I met fitness expert Bruce Krahn several weeks ago.
The guy is a fountain of seemingly unending positivity, inspiration and practical know-how.
Seriously. He’s the real deal.
Stay tuned for a Keeping Fit column featuring Krahn next week.
In the meantime, check out the following press release, which I should have posted back in May (my apologies):
Bikini Body Season
When you peel back the layers to expose a bit of skin, will this be your year to shine?
Bruce Krahn, regular Best Health contributor, Cityline fitness expert, and author of the Fat Fighter Diet wants to put the fun back into your goal to be bikini body ready this year.
“I believe that we all strive for better and that even though this typical annual goals seem kind of a joke, there’s an underlying desire for us to better ourselves,” says Krahn. “I just don’t want to pump people up with tips that don’t lead to meaningful results. Making real change is work but the reward of it is worth the sweat.” So let’s dig in:
1. Thin, Fit People Do What Works
If one-third of us are on a diet, but 64% of us remain overweight or obese. Something isn’t adding up. So what’s the difference between those who gain and those who don’t? An effective plan to keep weight in check.
Want that piece of cheesecake – go ahead. And work it off at the gym later. Or, turn down the cheesecake and opt for a creamy protein shake instead. But have a plan. It’s basic math – calories in vs calories burned.

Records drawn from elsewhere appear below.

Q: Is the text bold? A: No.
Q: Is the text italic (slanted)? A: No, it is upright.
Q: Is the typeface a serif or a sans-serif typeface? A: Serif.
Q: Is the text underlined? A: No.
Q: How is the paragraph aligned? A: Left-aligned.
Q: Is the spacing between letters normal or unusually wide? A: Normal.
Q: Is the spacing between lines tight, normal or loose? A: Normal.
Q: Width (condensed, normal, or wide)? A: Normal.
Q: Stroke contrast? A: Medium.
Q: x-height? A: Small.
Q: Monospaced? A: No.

2. Burn baby burn. Burn fat and build muscle in just 8 to 12 minutes a day — no gym required. The secret? Intense 20-second intervals that push your body to the max. Focus on large muscle groups (like the legs and back) and do not rely upon isolation type exercises to improve a particular area. Instead, focus on performing exercises that involve the largest muscles and thus have the highest amount of caloric expenditure. Do this 2-3 times per week and repeat.
3. Know Your Weaknesses: balance your blood sugar, cut your cravings and enhance satiety with scientifically proven supplements. Look for chromium, 5-htp, decaffeinated coffee bean extract and glucomannan. You must balance your blood sugar levels in order for fat burning to occur. Trying to lose fat with high blood glucose levels is like trying to run your car out of gas while it is hooked up to the pump — it’s just not going to happen. Many foods that were once believed to be “healthy” actually raise blood sugar and chronically elevated blood sugar levels can also lead to insulin resistance, hyperinsulinemia, diabetes, heart disease and cancer. No one is perfect. Find out your deficiencies and get a little help.
4. Fidget, pace, keep it movin’: At the Endocrine Research Unit of the Mayo Clinic, in Rochester, Minnesota, a study of 20 self-proclaimed couch potatoes ― half of whom were lean, half mildly obese ― revealed that the thin volunteers were more likely to stand, walk, and fidget. The researchers noted that the obese participants sat, on average, more than two hours longer every day than the lean ones did. The thinner couch potatoes burned on average 350 more calories each day just in their daily activities. So the next time someone offers you their chair, take a pass, and pace a bit instead.
5. Siesta Time: Book a massage, a holiday or stop for some candles and bubble bath on your way home from work. You need to keep stress levels in check. Cortisol raises blood sugar during periods of stress as part of the “fight or flight” response. This is fine if it occurs occasionally but it becomes a problem when it is chronic. Excess cortisol can lead to body fat deposition particularly around the midsection.
6. Never Give Up: Embrace the skinny jeans, if that’s who you want to be. Visualize yourself in them. Start acting like you’re wearing them.
Sidebar:
The Canadian National Obesity Survey found the following:
• 51% of Canadians are overweight or obese. Previous estimates had suggested only about 35% were overweight, with about 12% obesity.
• Consider…a 40-year old, non-smoking adult will lose an average 6.5 years of life due to obesity.
Peters, et al Ann Intern Med 2003
About Bruce Krahn
Bruce Krahn has been impacting lives one body at a time since 1990. He is a best-selling author, speaker, expert fitness trainer and nutrition guru. As a personal trainer, Bruce has logged thousands of training hours helping hundreds of clients reach their health & fitness goals. His client list has included notable celebrities such as Nelly Furtado, Criss Angel and Tom Cochrane.
Drawing upon his extensive experience working with everyone from students to CEOs, Bruce penned the best selling book, The Fat Fighter Diet. Recognizing the need for a “one to many” fitness & nutrition resource, Bruce founded www.ebodi.com – an online personal training and nutrition service providing personalized programs to thousands of people worldwide. Through his book, websites, companies and presentations, Bruce has touched the lives of hundreds of thousands of people from all walks of life.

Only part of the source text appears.